The remez of the crimson worm

Photo: Thanti Riess, Unsplash.

My 3-year-old daughter spots a picture of a chicken pulling a long squishy substance from the ground. “Snake!” she says. 

“Worm,” I correct her. 

As I write, the cooler days of September have arrived. But my thoughts turn to the warmer lands around the Mediterranean Sea — where a ­crimson worm has recently com­pleted her life cycle and her young begun theirs — and to a spiritual lesson drawn from this unlikely source. 

In the unique transfer of life from the female crimson worm to her babies, we find a remez — a Hebrew word that means “hint,” used by rabbis when speaking of a hidden or allegorical message in scripture. 

I am indebted to Pastor Faisal John of Grace Bible Church Pakistan for his explanation of this remez in a recent newsletter.  

As a gateway to the remez, let’s look first at Psalm 22:1, quoted by Jesus as he hung on the cross: “My God, my God, why have you forsaken me?” 

Jesus followed the practice of Hebrew rabbis who would quote a short portion of scripture as a way of alluding to its entirety. For his Hebrew observers, well familiar with the Psalms, his words would have brought to mind the entirety of Psalm 22, which says in part:  

But I am a worm, and not human,

scorned by others, and despised by the 

people.

All who see me mock at me;

they make mouths at me, they shake 

their heads;

“Commit your cause to the Lord; let 

him deliver —

let him rescue the one of whom he 

delights!”

. . . I am poured out like water,

and all my bones are out of joint;

my heart is like wax;

it is melted within my breast;

my mouth is dried up like a potsherd,

and my tongue sticks to my jaws;

you lay me in the dust of death.

For dogs are all around me;

a company of evildoers encircles me.

My hands and feet have shriveled; . . .

Can you imagine these words running through your mind as you watch Jesus on the cross? Blood trickling down his forehead from the crown of thorns shoved mockingly onto his head, his body glistening with sweat and blood and arched in pain? 

“I am a worm and not human.” What a picture of degradation and contempt!

And what a picture of something else, something more surprising. 

The common Hebrew word for “worm” is rimma, but in Psalm 22:6 the word translated as “worm” is tola. Of the 43 times tola is used in Old Testament passages, a few times it describes a devouring worm, such as the worm that ate the vine that shaded Jonah. However, in Old Testament scripture, tola is used most often to describe the crimson color excreted from the crimson worm, or to fabric dyed in this crimson. 

Tola, shani or tola’at shani are synonyms used to denote either the worm, the dye or the color — a bright red orange used in numerous Jewish holy things. The crimson worm, or to-la’at shani, was present in the Tabernacle curtain and veil, in the high priest’s garments, in the ritual cleansing of lepers and in the ashes of the red heifer used for purification, to name a few.

“I am tola,” says Jesus. 

Now listen to the way in which life passes from the female crimson worm to her babies. 

When the female crimson worm has reached maturity, she attaches herself to wood, generally a certain type of tree.

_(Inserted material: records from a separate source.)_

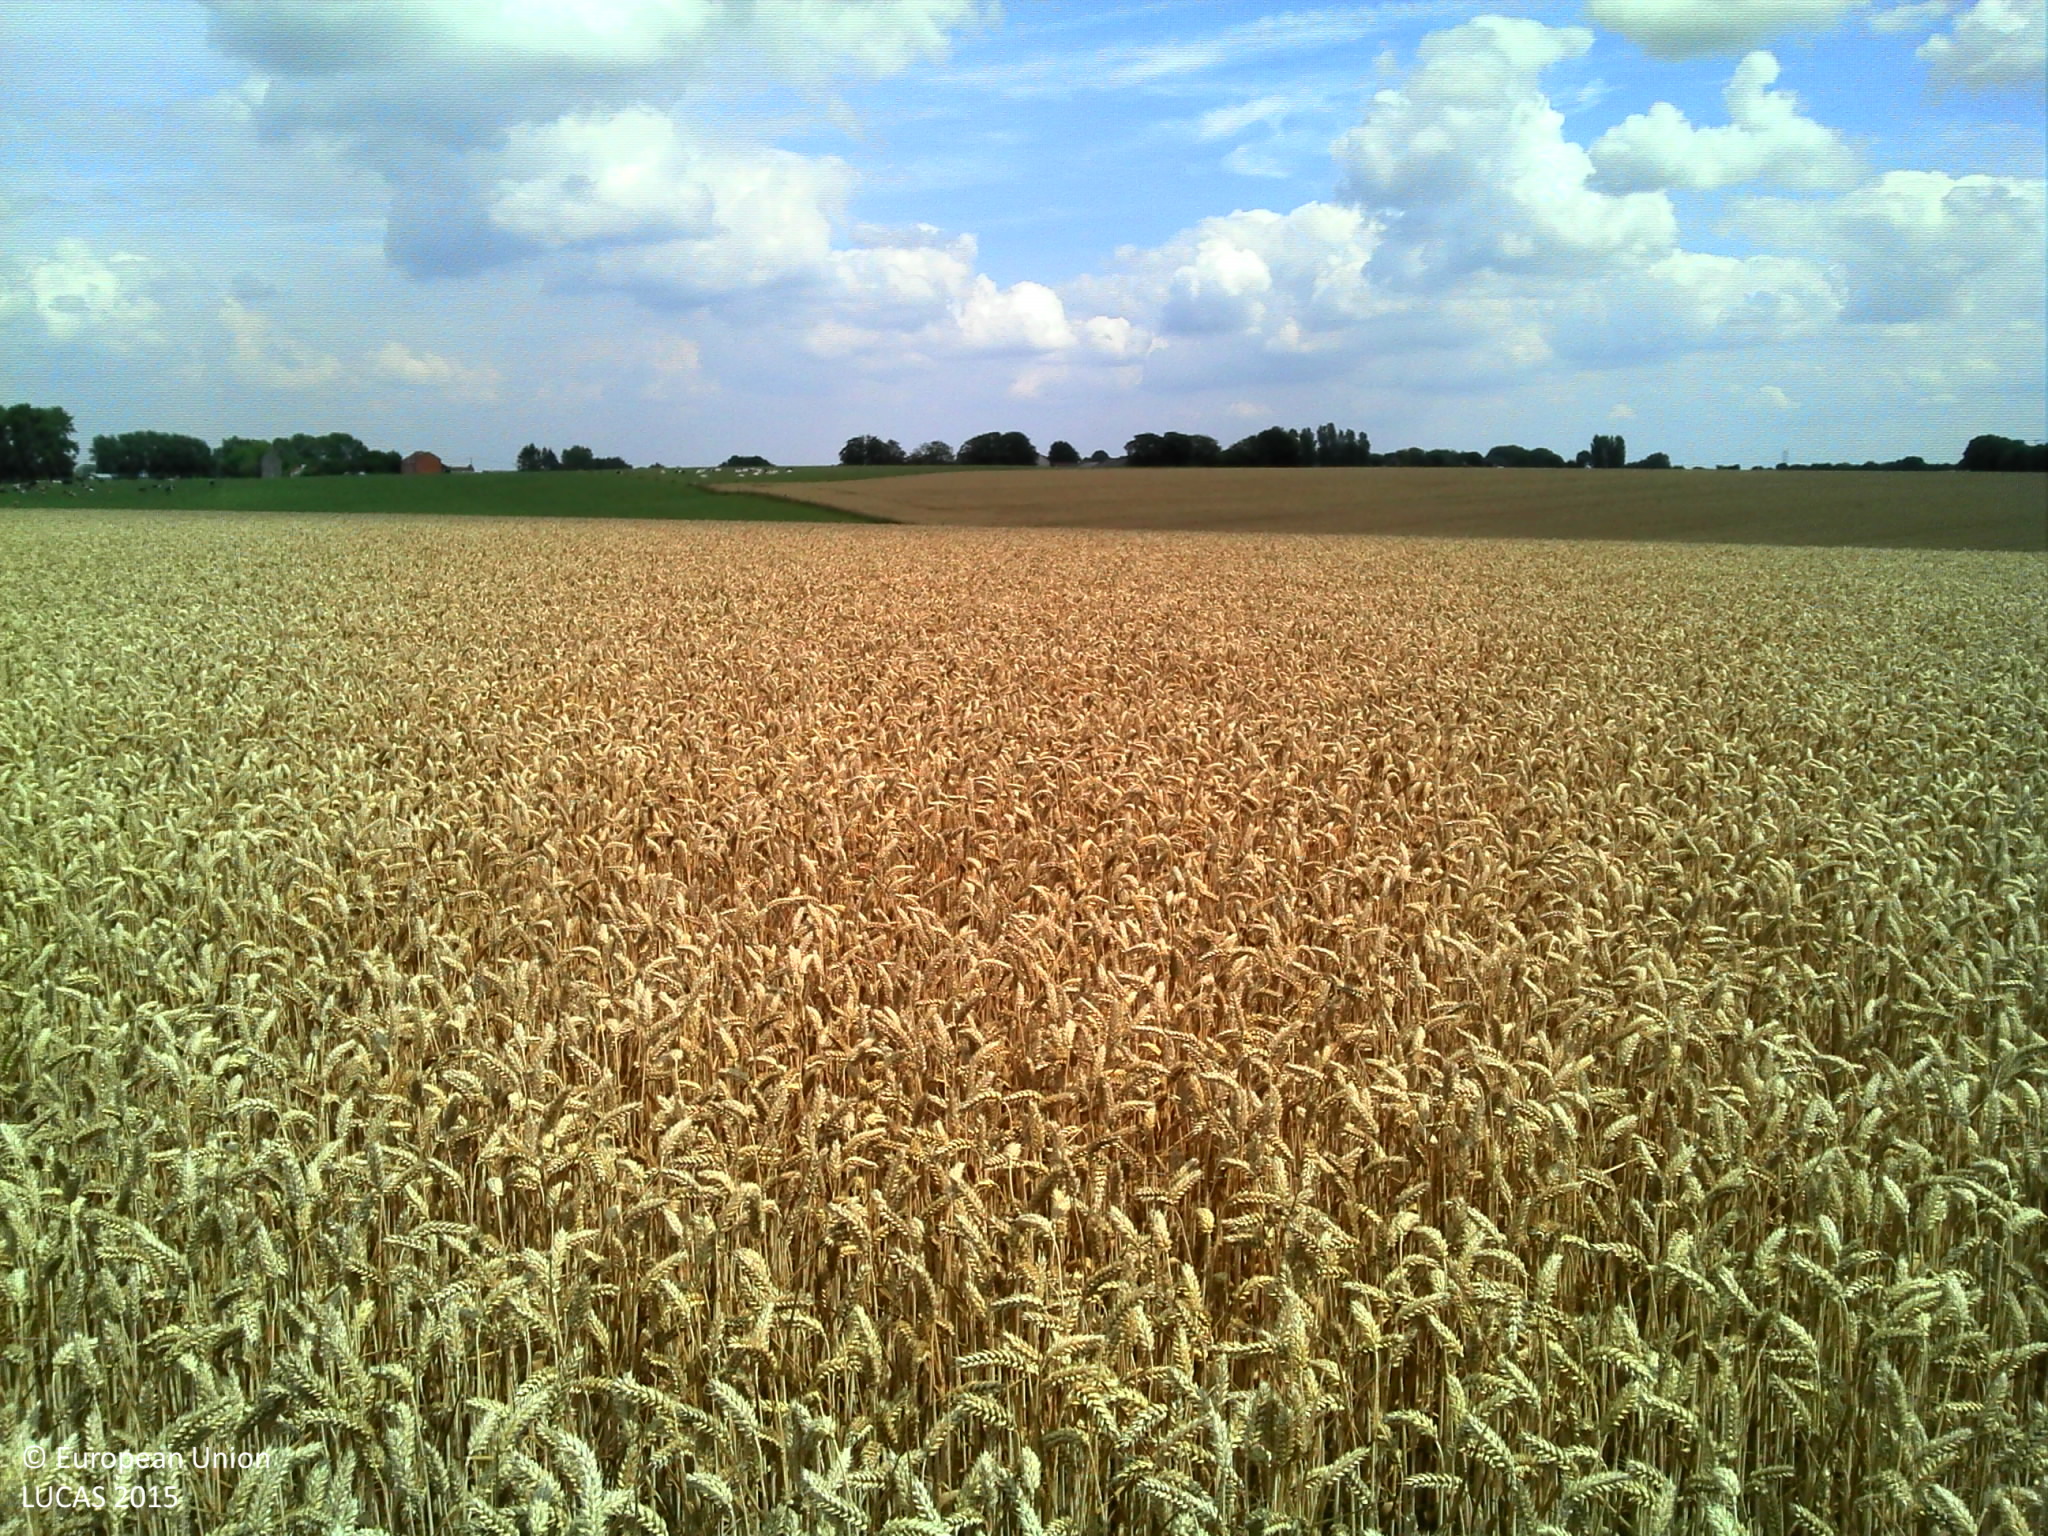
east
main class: Cropland
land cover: Common wheat
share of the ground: > 75 %
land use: Agriculture (excluding fallow land and kitchen gardens)
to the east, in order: Common wheat
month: July
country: BE
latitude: 50.5661
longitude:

There she forms around herself a hard red shell. Under the shell, beneath her own body, she lays her eggs. 

When the eggs hatch, they feed on the living body of the mother worm for three days. As the mother dies, she secretes a bright red dye that flows down over the tree and her baby worms, staining both red. 

On day four, the tail of the mother worm draws up into her head, and the hard crimson substance becomes a waxy white. The waxy white substance, which looks like a patch of wool, begins to flake off and fall to the ground like snow. 

Do you find any parallels here to our Savior’s death on the cross?

Knowing the remez of the crimson worm gives new meaning also to Isaiah 1:18: 

“Come now, let us argue it out,” says the Lord. “Though your sins are like scarlet [shani], they shall be like snow. Though they are red like crimson [tola], they shall become like wool.”